Stored records:

####

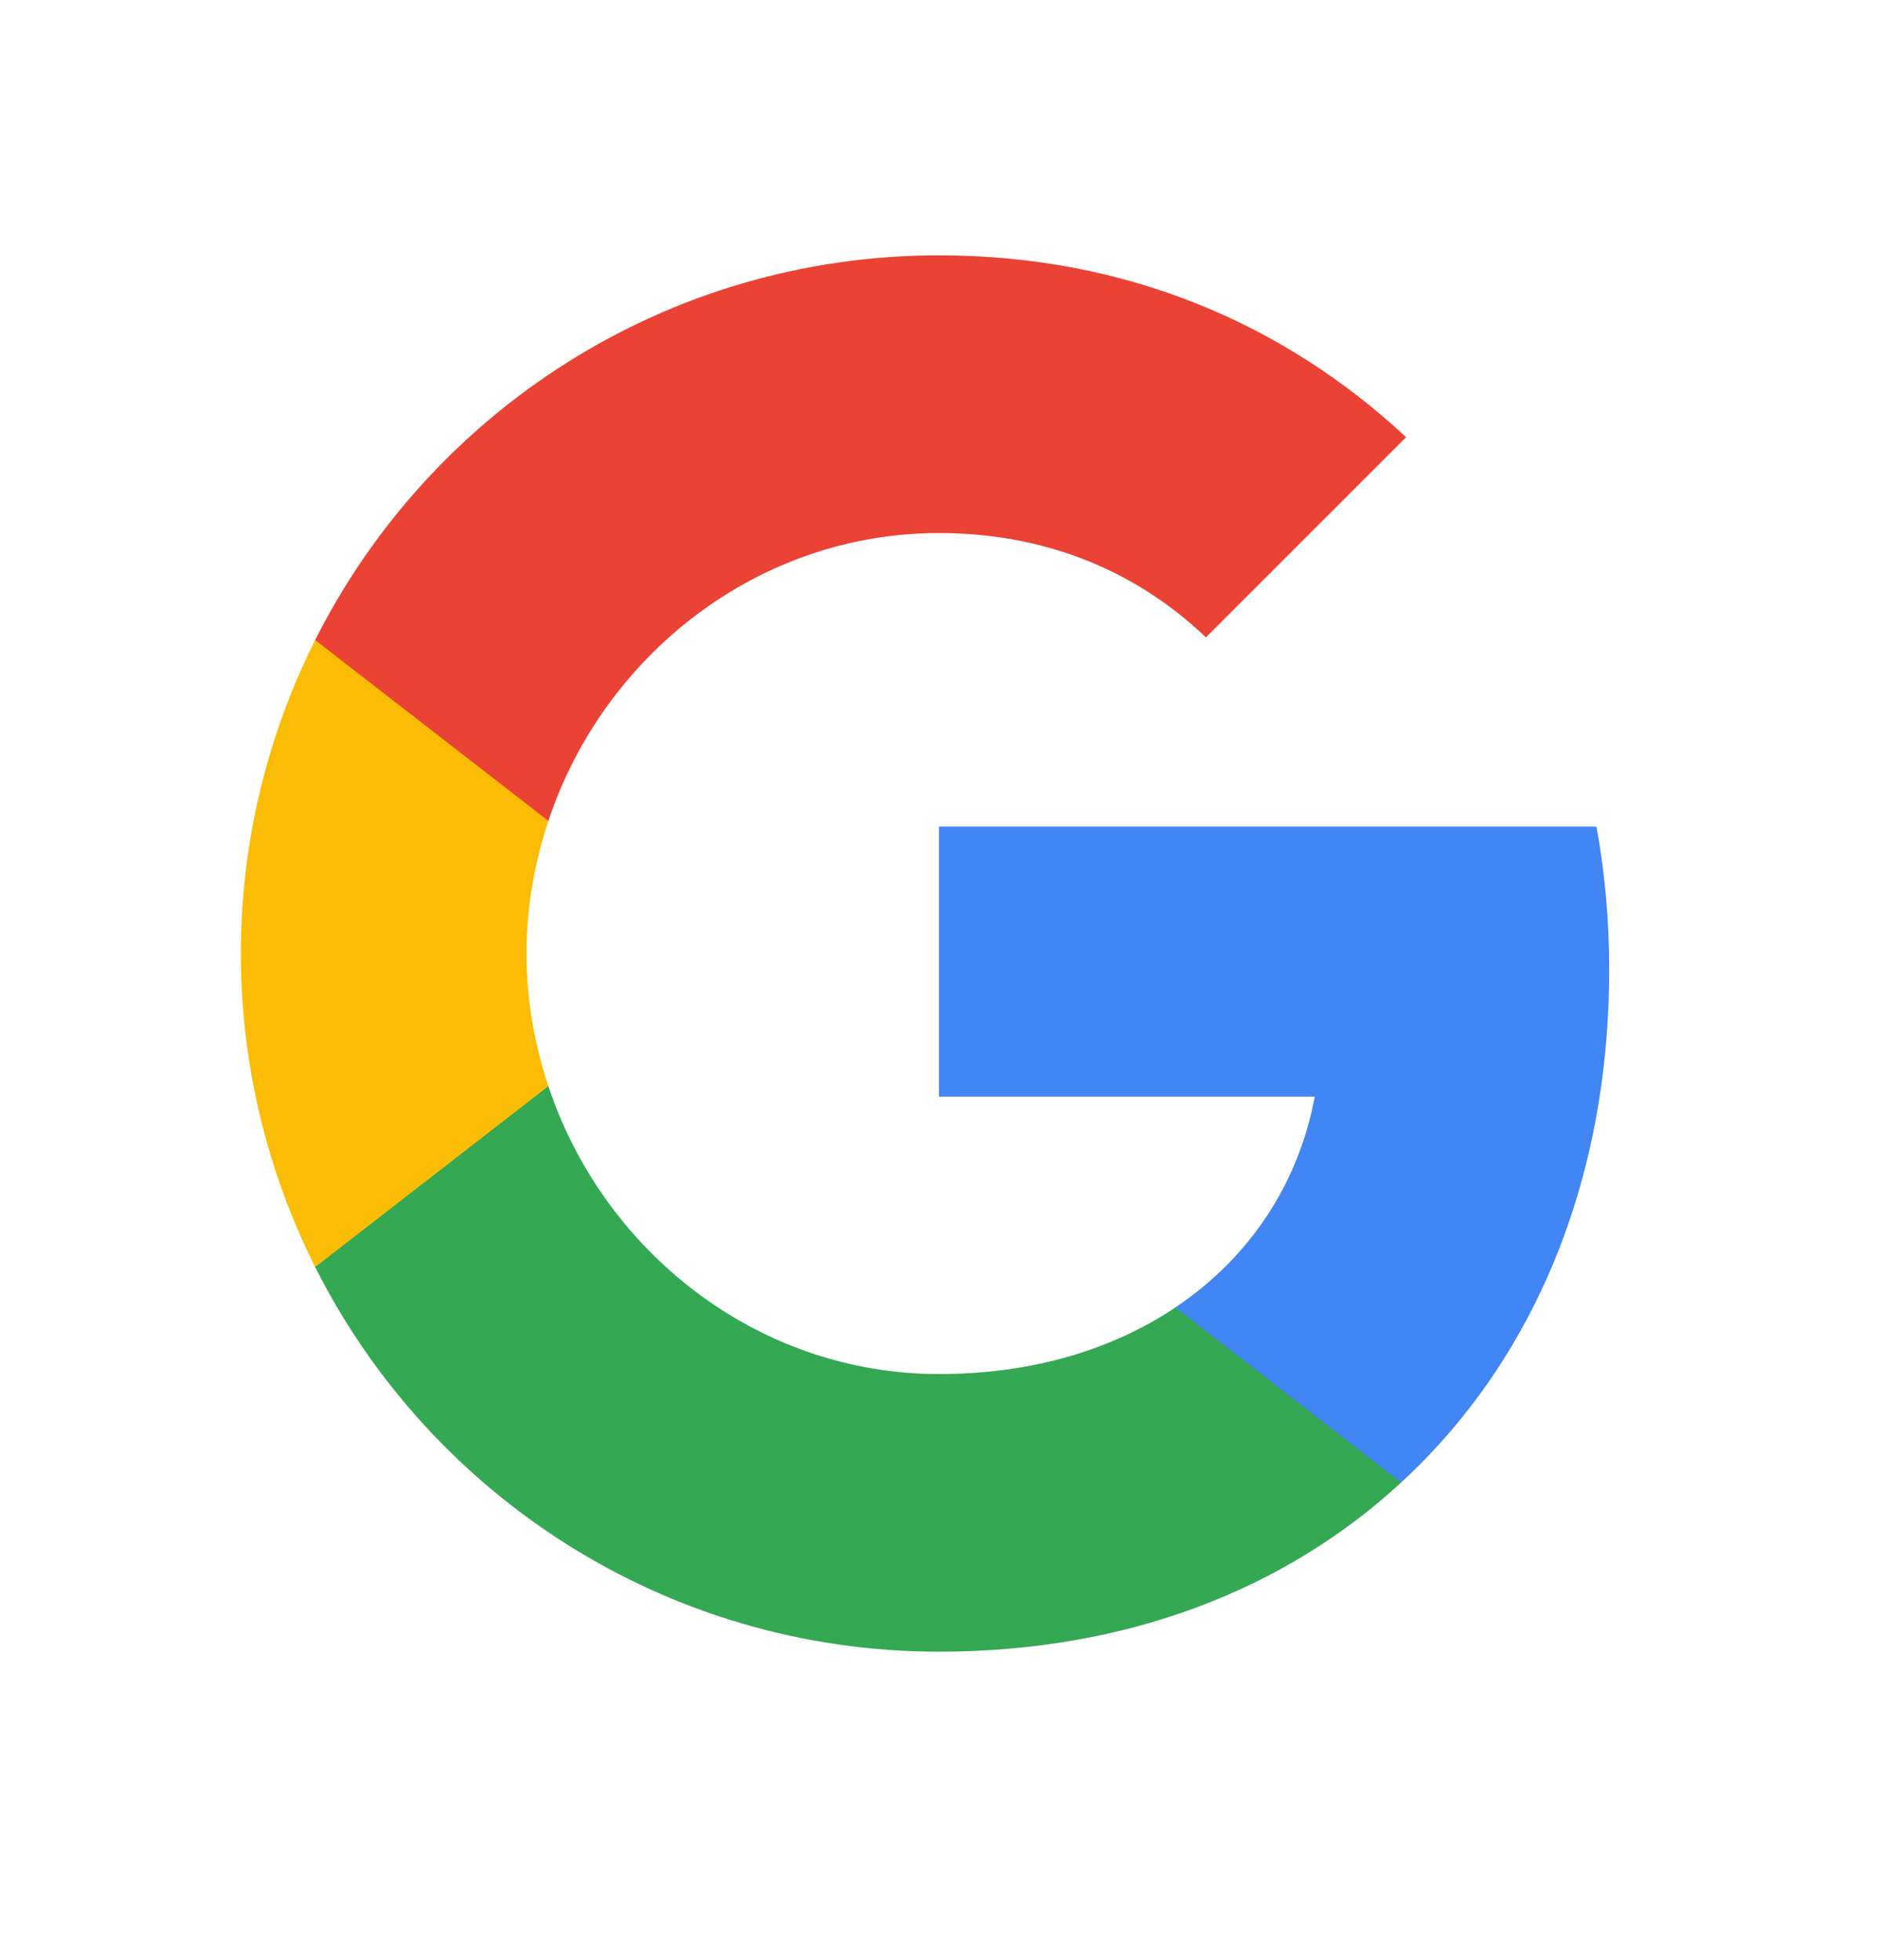 <svg width="23" height="24" viewBox="0 0 23 24" fill="none" xmlns="http://www.w3.org/2000/svg">
<path fill-rule="evenodd" clip-rule="evenodd" d="M19.708 11.872C19.708 11.265 19.654 10.682 19.552 10.123H11.5V13.43H16.102C15.903 14.499 15.301 15.404 14.395 16.011V18.156H17.159C18.775 16.667 19.708 14.476 19.708 11.872Z" fill="#4285F4"/>
<path fill-rule="evenodd" clip-rule="evenodd" d="M11.5 20.227C13.809 20.227 15.744 19.462 17.159 18.156L14.396 16.011C13.63 16.524 12.651 16.827 11.5 16.827C9.273 16.827 7.388 15.323 6.716 13.302H3.86V15.517C5.266 18.311 8.158 20.227 11.5 20.227Z" fill="#34A853"/>
<path fill-rule="evenodd" clip-rule="evenodd" d="M6.716 13.302C6.545 12.789 6.448 12.241 6.448 11.677C6.448 11.114 6.545 10.566 6.716 10.053V7.838H3.86C3.281 8.992 2.95 10.298 2.95 11.677C2.95 13.057 3.281 14.363 3.86 15.517L6.716 13.302Z" fill="#FBBC05"/>
<path fill-rule="evenodd" clip-rule="evenodd" d="M11.5 6.528C12.755 6.528 13.883 6.959 14.769 7.806L17.221 5.354C15.74 3.975 13.805 3.127 11.5 3.127C8.158 3.127 5.266 5.043 3.86 7.838L6.716 10.053C7.388 8.032 9.273 6.528 11.5 6.528Z" fill="#EA4335"/>
</svg>

####

■ **Assigned task**
Begin at the first line of the entries above and return each line exactly, stopping after the line that contains "13.302C6.545 12.789 6.448". Pictures do not belong in the copy.

■ **Response area**
 <svg width="23" height="24" viewBox="0 0 23 24" fill="none" xmlns="http://www.w3.org/2000/svg">
<path fill-rule="evenodd" clip-rule="evenodd" d="M19.708 11.872C19.708 11.265 19.654 10.682 19.552 10.123H11.5V13.43H16.102C15.903 14.499 15.301 15.404 14.395 16.011V18.156H17.159C18.775 16.667 19.708 14.476 19.708 11.872Z" fill="#4285F4"/>
<path fill-rule="evenodd" clip-rule="evenodd" d="M11.5 20.227C13.809 20.227 15.744 19.462 17.159 18.156L14.396 16.011C13.63 16.524 12.651 16.827 11.5 16.827C9.273 16.827 7.388 15.323 6.716 13.302H3.86V15.517C5.266 18.311 8.158 20.227 11.5 20.227Z" fill="#34A853"/>
<path fill-rule="evenodd" clip-rule="evenodd" d="M6.716 13.302C6.545 12.789 6.448 12.241 6.448 11.677C6.448 11.114 6.545 10.566 6.716 10.053V7.838H3.86C3.281 8.992 2.95 10.298 2.95 11.677C2.95 13.057 3.281 14.363 3.86 15.517L6.716 13.302Z" fill="#FBBC05"/>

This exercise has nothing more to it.